[Start of section]

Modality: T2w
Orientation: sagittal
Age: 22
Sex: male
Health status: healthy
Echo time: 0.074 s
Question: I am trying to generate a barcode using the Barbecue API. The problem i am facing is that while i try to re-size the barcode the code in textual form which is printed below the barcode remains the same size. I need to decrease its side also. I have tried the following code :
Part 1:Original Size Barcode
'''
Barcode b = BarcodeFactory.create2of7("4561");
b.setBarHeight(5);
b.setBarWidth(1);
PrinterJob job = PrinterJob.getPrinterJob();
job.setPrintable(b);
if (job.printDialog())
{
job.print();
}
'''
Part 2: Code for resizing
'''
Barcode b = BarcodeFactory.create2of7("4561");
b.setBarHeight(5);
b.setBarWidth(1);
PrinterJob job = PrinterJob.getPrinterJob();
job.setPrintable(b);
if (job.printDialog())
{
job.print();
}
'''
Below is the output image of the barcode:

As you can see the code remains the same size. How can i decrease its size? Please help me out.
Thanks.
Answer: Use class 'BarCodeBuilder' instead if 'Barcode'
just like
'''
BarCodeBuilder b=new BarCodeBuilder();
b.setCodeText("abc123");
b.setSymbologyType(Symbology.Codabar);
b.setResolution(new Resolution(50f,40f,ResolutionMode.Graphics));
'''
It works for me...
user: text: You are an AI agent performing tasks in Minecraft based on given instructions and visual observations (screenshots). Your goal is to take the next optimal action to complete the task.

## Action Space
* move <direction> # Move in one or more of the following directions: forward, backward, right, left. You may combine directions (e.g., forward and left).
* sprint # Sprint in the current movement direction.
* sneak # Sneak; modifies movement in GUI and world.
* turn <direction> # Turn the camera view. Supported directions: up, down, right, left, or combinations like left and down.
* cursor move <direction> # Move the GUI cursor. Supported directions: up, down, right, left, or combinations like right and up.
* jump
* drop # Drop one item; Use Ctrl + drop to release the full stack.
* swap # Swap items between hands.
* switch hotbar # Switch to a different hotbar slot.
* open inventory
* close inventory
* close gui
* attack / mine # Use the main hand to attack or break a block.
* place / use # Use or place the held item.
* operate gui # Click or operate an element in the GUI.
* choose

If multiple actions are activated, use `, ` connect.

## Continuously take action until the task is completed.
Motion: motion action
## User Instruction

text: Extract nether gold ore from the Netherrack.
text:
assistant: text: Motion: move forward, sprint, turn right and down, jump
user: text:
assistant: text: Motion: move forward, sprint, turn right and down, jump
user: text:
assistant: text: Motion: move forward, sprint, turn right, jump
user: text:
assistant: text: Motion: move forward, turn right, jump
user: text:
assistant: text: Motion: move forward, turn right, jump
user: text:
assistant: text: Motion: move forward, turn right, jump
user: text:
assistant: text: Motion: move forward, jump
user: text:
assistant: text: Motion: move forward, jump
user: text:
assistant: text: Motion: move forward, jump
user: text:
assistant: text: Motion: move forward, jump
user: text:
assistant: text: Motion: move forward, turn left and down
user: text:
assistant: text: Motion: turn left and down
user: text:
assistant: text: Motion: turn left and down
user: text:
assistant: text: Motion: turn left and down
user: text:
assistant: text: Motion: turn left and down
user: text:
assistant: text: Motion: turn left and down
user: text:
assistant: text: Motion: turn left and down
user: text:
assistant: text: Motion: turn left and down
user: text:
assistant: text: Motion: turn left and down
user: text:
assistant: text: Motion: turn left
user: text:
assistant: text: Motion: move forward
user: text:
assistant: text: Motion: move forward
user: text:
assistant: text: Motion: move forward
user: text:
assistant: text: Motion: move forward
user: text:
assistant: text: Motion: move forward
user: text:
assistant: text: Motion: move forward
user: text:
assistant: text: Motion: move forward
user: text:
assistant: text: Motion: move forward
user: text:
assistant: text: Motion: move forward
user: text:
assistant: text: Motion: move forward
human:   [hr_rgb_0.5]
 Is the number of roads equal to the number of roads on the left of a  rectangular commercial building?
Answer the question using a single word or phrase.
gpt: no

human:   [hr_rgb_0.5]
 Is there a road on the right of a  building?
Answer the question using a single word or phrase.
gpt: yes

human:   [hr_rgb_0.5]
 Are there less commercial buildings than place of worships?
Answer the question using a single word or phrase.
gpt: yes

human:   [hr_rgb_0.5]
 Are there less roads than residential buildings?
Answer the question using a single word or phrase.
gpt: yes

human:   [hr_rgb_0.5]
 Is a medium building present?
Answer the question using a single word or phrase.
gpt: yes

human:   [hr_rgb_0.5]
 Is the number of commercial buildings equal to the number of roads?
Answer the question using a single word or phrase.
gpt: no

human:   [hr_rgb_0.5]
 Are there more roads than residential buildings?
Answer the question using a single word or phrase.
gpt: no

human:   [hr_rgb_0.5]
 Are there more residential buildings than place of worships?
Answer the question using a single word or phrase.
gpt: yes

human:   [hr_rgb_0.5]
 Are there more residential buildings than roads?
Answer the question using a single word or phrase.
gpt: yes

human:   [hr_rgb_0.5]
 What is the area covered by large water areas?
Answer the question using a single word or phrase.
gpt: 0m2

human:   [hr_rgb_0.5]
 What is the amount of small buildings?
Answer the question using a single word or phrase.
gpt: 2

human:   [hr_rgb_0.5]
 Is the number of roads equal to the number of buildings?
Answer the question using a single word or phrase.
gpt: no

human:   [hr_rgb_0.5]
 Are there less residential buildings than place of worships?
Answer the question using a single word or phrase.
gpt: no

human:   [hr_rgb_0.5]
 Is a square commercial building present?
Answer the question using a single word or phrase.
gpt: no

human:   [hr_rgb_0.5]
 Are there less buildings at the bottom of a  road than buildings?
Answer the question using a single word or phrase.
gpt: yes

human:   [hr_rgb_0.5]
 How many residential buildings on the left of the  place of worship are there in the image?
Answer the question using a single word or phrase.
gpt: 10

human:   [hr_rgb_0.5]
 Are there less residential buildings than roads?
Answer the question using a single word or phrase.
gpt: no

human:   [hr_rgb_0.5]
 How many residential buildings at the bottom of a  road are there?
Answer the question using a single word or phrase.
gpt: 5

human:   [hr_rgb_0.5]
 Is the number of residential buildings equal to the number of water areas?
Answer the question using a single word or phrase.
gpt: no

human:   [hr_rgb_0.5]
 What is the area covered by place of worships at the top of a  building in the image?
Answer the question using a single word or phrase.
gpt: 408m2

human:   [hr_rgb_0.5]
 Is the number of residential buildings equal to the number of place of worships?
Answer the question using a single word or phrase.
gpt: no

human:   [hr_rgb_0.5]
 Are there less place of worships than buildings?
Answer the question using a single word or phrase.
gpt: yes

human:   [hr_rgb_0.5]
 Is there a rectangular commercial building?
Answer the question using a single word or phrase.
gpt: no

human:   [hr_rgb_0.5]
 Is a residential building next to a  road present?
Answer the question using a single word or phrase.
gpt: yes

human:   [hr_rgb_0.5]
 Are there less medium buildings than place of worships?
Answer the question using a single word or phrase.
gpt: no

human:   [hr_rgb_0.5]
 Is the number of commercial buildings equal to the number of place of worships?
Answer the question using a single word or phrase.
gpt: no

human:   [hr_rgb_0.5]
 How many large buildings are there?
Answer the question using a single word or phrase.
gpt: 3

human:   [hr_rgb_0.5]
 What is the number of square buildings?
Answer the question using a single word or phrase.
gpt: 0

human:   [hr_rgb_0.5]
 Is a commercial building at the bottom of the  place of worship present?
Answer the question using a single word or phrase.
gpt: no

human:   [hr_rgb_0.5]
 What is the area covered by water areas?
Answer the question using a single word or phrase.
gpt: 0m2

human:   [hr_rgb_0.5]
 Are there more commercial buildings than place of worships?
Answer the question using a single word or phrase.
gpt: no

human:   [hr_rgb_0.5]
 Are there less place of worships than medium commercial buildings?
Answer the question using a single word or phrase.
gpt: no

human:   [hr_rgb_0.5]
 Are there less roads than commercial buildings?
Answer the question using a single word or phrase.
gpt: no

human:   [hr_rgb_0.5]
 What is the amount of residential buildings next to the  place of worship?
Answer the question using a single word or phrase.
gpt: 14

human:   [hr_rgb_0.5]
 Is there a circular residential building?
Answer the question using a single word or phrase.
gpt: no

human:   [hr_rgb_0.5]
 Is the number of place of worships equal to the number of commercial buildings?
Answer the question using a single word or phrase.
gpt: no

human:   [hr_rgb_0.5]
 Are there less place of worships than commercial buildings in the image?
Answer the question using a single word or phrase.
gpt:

[End of section]

▶ [Directions for this task]:
Lines containing the word "water": copy every one of them from the records above.

▶ [Answer area]:
 What is the area covered by large water areas?
 Is the number of residential buildings equal to the number of water areas?
 What is the area covered by water areas?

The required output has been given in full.